We believe however that the strong ability of the device to communicate notions
of spatial location, far outweighs obstruction concerns in a context of public
interaction.
References
[Ballan et. al., 1994] Oscar Ballan, Luca Mozzoni
and Davide Rocchesso. Sound Spatialisation in Real Time by First-Reflection
Simulation. Proceedings of the 1994 International Computer Music Conference,
pp.475-476, 1994.
[Chowning, 1971] John Chowning. The Simulation of Moving Sound Sources, Journal
of the Audio Engineering Society 19(1): pp.1-6, 1971.
[Edwards, 1994] Scott Edwards. The PIC Source Book, Scott Edwards, 1994.
[Microchip Technology Inc., 1994] PIC16C84 Data Book, DS30081C (Preliminary),
Microchip Technology Inc., 1994.
[Moore, 1983] F. Richard Moore. A General Model for Spatial Processing of Sounds,
Computer Music Journal 7(3): pp.6-15, 1983.

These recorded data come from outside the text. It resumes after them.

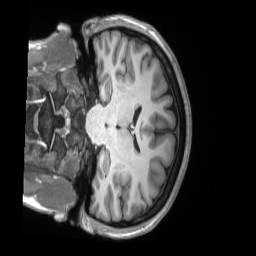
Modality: T1w
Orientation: coronal
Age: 21
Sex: female
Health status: ill
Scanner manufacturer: siemens
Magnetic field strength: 3 T
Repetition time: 2.2 s
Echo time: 0.00157 s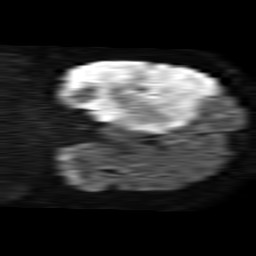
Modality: TRACE
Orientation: coronal
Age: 46
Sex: male
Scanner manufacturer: philips
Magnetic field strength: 1.5 T
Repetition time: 4.6 s
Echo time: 0.08631 s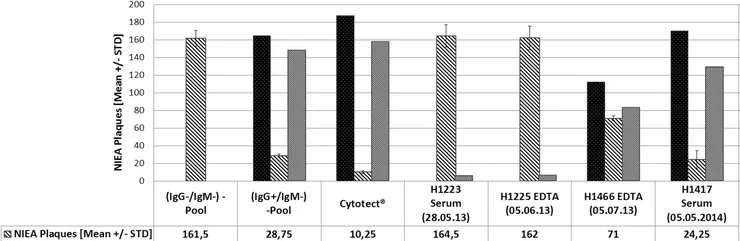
Epithelial cell-specific (ARPE-19) plaque reduction neutralisation capacity of the sera 1-4. Reference sera include a negative pool (N = 100 sera from seronegative women at birth), and a pool of latently CMV-infected women at birth (IgG positive, IgM negative, high IgG avidity) as well as the hyperimmunoglobulin preparation Cytotect (Biotest, Germany). The shaded columns show the mean number (N = 3 replica) of CMV IE1-stained plaques (NIEA plaques) in the absence of CMV-specific antibodies after 5 days of incubation. Black columns show the percentage of neutralisation via plaque reduction of each serum panel. Gray columns show CMV IgG avidity (AI ECLIA, %). Specific NT capacity is not present in early sera of the patient (within one week of admission). However, after 5 weeks, NT50 values are reached.
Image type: pathology (immunostaining)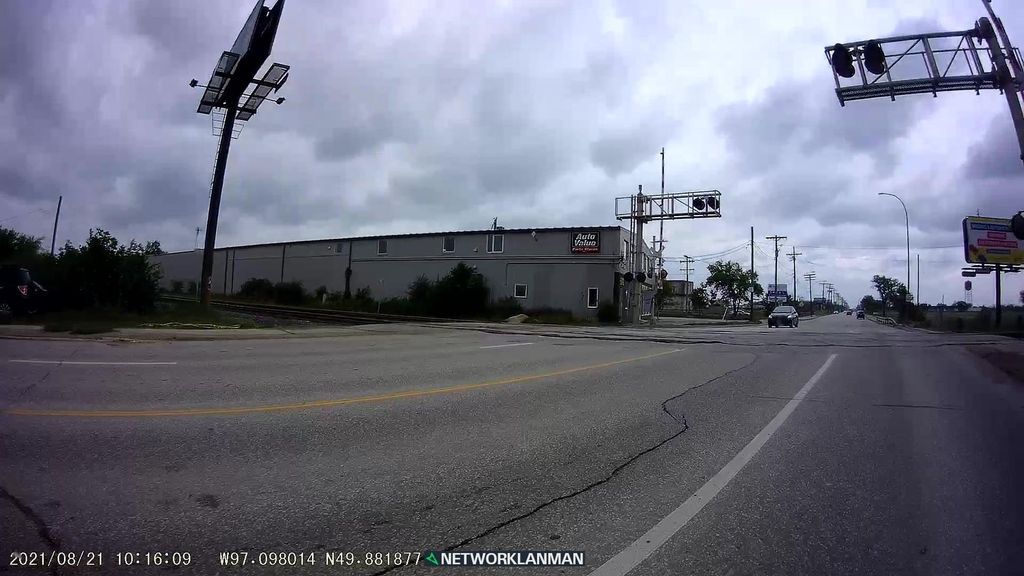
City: winnipeg
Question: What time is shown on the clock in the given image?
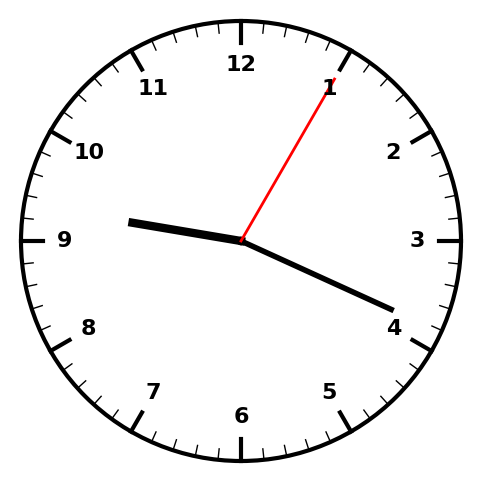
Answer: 09:19:05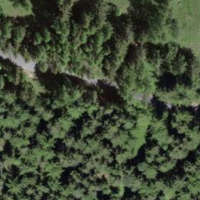
EUNIS habitat code: 43
Species observed at this site:
Adenostyles alpina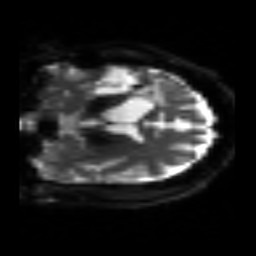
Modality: sbref
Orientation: coronal
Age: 42
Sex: male
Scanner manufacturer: siemens
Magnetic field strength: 3 T
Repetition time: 3.2 s
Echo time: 0.081 s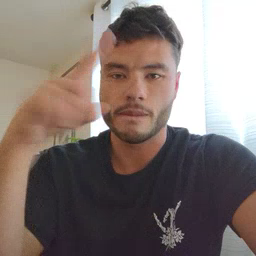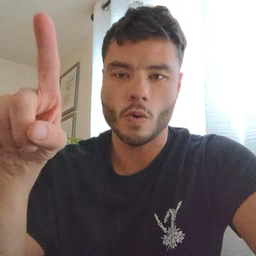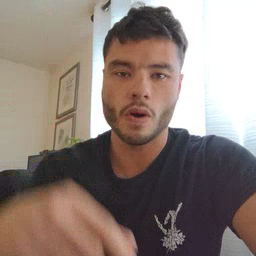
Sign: for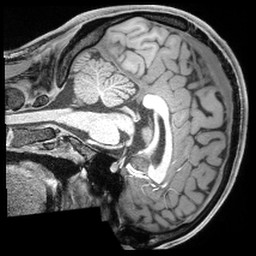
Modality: T1w
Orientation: sagittal
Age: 21
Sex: male
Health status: healthy
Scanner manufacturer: siemens
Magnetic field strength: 3 T
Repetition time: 2.4 s
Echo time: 0.00194 s
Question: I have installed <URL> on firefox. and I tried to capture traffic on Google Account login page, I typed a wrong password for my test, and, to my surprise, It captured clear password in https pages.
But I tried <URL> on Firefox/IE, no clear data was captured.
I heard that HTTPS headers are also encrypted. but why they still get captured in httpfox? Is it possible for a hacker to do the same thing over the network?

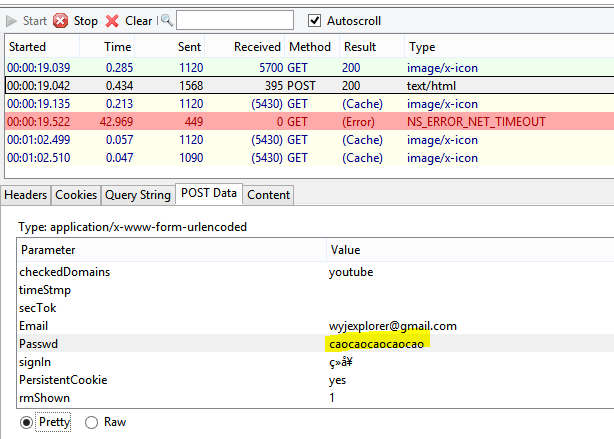
Answer: It really depends on where you're probing for these values or the data.
I've never used either tool, but from my understanding I assume the following:
- -
Overall, httpfox will show you what the browser knows about your connection. fiddler will show you what any server/proxy on the way to the connected server will see (garbage).
This is also the reason why you should only install and use addons you trust. You can have perfect network security, always use https/SSL, etc. but it won't help you if one of your addons is stealing the tasty bits.
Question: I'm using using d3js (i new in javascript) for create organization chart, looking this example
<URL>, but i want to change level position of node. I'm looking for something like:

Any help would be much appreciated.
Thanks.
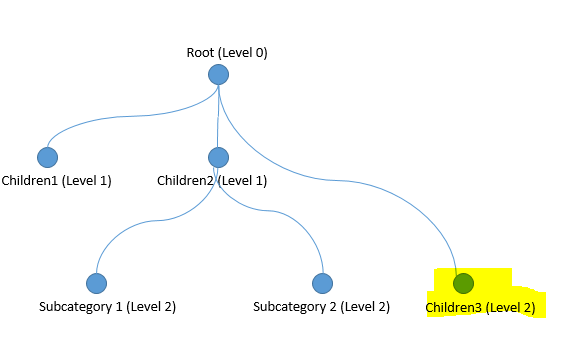
Answer: The <URL> is built around D3 tree layout, thus, every node's position is defined by its parent node.
'''
const tree = d3.layout.tree()
.size([height, width]);
const nodes = tree.nodes(root).reverse()
const links = tree.links(nodes);
'''
What you want to achieve contradicts the tree layout . In other words, you just need to build a layout of your own: calculate and positions for every node according to your guidelines.
When you have an array of nodes '[{x, y, ...}, {x, y, ...}, ...]' and array of links '[{source: node, target: node}, ...]' you can render them exactly like in the sample (the code below '// Update the nodes...' line)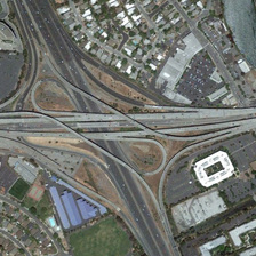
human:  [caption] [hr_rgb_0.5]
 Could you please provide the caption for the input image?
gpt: There is a large bare area of land by the roadside.

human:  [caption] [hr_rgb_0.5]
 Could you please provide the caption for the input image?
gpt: There are many areas around the bridge.

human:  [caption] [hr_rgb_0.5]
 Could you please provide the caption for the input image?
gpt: There is a large area of bare land on the road.

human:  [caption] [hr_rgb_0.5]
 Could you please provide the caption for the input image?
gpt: There are several cells near the viaduct.

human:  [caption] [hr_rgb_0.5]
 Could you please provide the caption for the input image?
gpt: There are many blocks around the viaduct.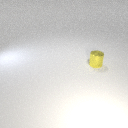
small yellow metal cylinder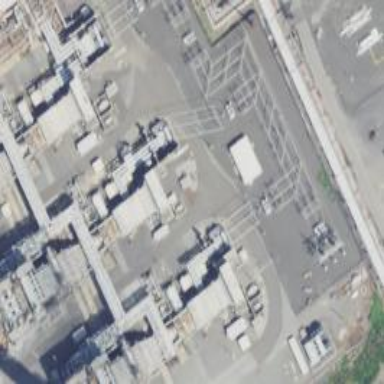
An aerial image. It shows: Gas-powered generator. It is gas turbine type generator.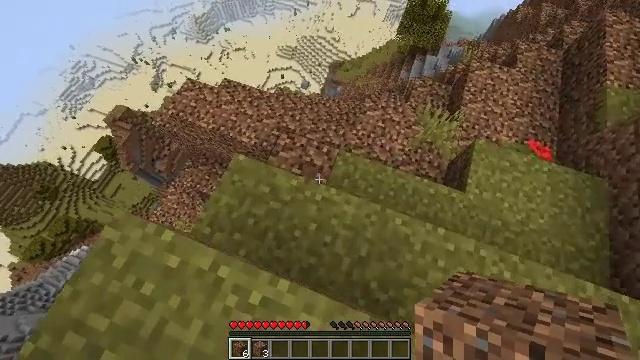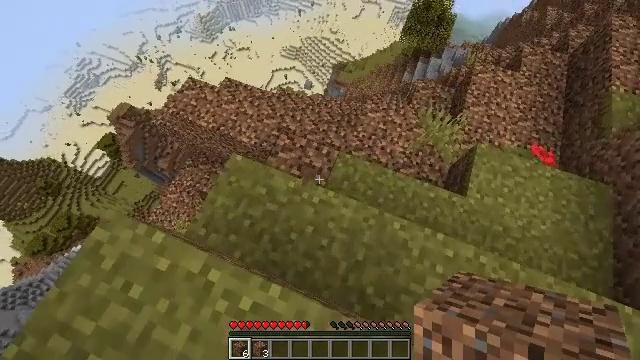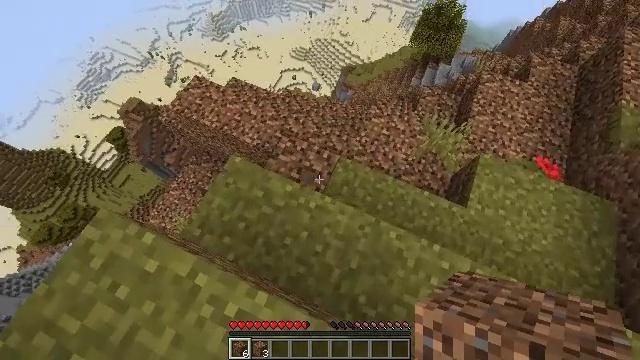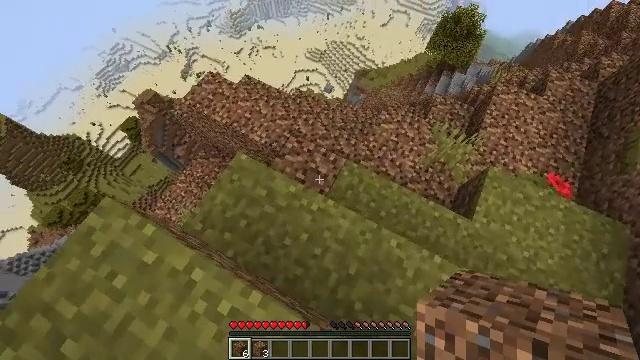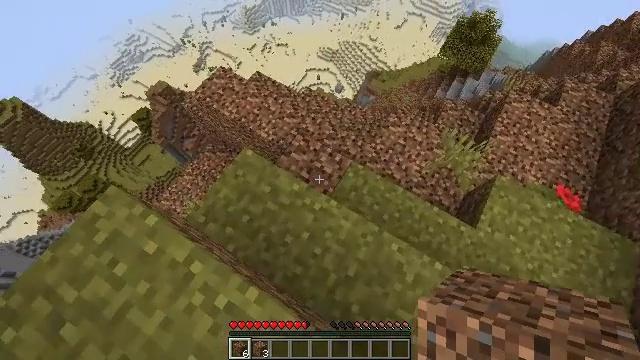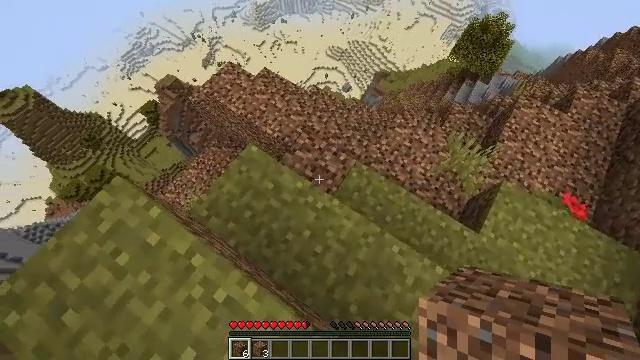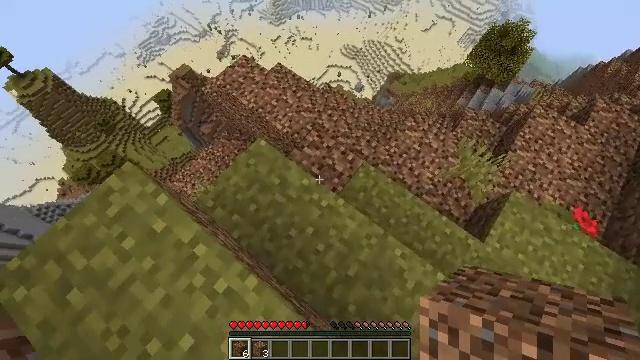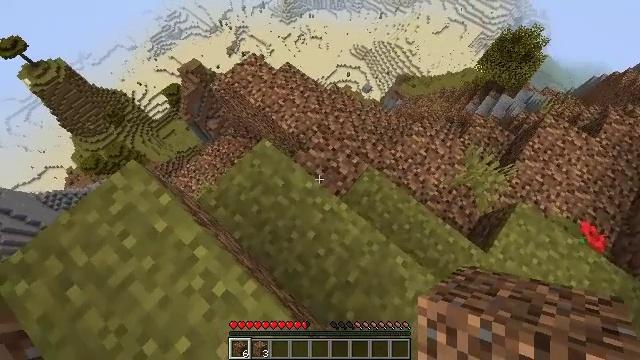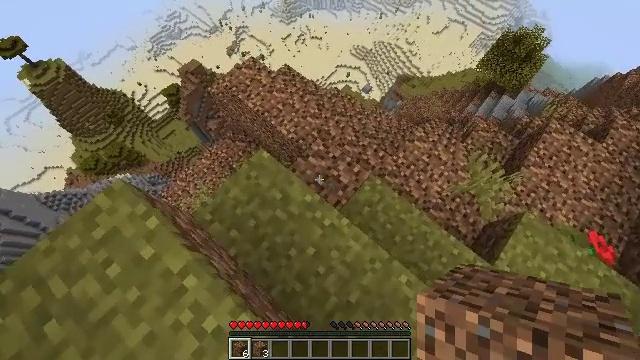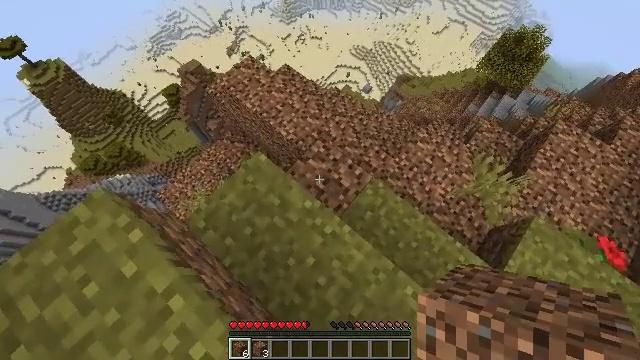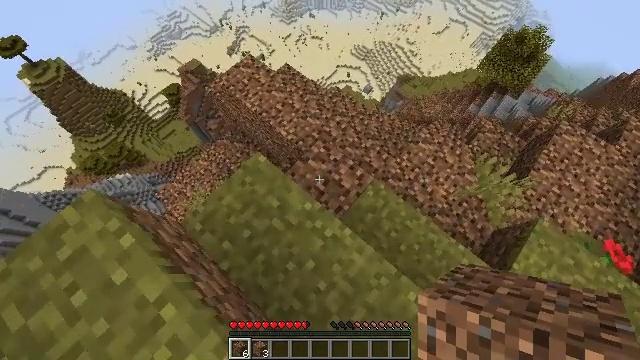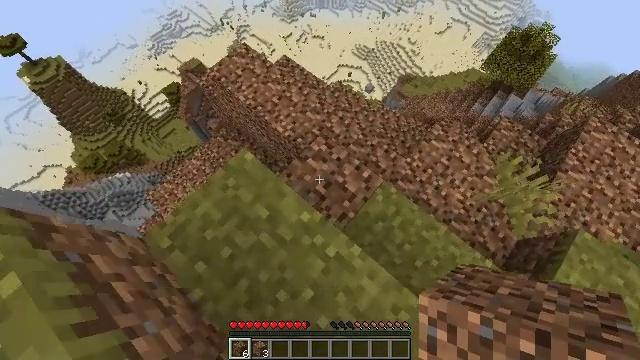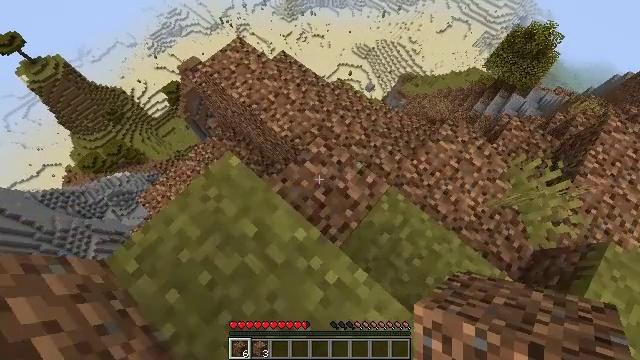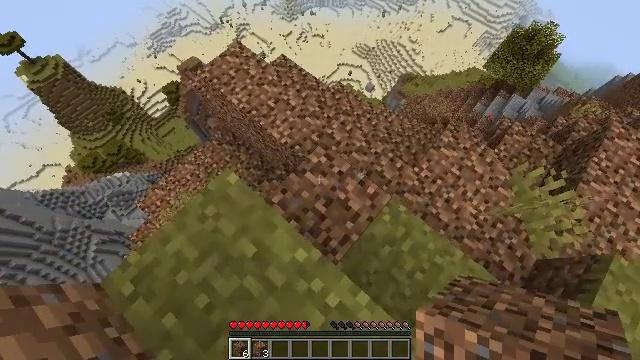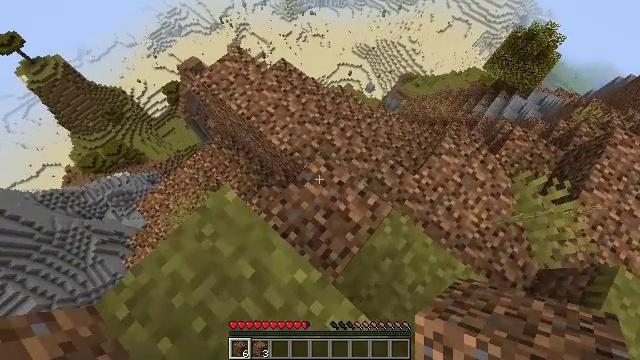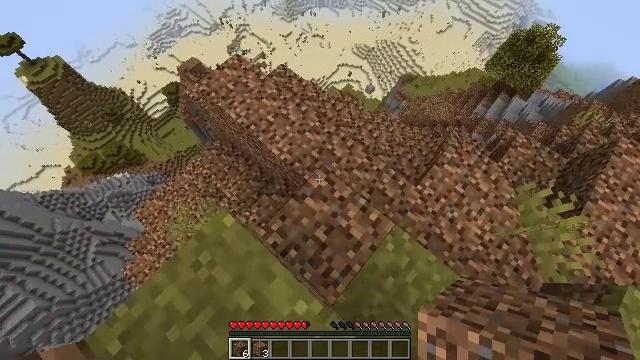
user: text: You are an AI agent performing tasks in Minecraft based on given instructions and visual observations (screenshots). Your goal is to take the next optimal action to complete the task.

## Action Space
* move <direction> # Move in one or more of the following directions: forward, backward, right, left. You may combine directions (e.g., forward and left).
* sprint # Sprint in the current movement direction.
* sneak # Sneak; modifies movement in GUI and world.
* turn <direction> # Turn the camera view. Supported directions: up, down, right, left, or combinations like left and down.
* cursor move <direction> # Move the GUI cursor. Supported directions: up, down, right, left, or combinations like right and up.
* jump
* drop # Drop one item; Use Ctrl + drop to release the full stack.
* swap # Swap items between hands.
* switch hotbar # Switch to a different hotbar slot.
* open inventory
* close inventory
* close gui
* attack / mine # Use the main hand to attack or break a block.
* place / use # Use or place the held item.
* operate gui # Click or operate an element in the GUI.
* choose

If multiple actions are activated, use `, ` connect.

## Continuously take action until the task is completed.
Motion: motion action
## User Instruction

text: Harvest coarse dirt by holding left button.
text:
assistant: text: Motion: turn left
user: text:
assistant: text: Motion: turn left
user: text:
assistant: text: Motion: turn left
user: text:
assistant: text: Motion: turn left
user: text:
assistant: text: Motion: turn left
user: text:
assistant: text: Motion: turn left
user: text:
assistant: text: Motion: move forward, turn left
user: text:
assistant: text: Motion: move forward
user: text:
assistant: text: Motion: move forward
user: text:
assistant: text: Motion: move forward
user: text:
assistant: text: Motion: move forward
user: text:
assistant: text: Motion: move forward
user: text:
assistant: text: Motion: move forward
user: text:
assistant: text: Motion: no_op
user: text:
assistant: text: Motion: no_op
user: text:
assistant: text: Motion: no_op
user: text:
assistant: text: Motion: no_op
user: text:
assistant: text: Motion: turn left
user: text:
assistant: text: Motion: turn left
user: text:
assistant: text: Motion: turn left
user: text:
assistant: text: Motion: move forward
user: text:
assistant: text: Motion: move forward
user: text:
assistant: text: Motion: move forward
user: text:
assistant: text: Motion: move forward
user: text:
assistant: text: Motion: move forward
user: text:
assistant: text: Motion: move forward
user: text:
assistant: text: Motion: no_op
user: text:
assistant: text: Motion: no_op
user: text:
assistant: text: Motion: no_op
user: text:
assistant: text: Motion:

[Moore, 1989] F. Richard Moore. Spatialization of Sounds over Loudspeakers.
In Max V. Mathews and John R. Pierce (Eds.): Current Directions in Computer
Music Research, MIT Press, Cambridge Massachusetts, pp.89-103, 1989.
[Motorola Inc., 1993] DSP56002 Digital Signal Processor User's Manual, Motorola
Inc. 1993.
[Mott, 1995] Iain Mott. The Talking Chair: Notes on a Sound Sculpture, Leonardo
28(1): pp.69-70, 1995.
[Popular Mechanics Co., 1913] An Electric Illusion Box in The Boy Mechanic,
Volume I, Popular Mechanics Co., Chicago, pp.130-131, 1913.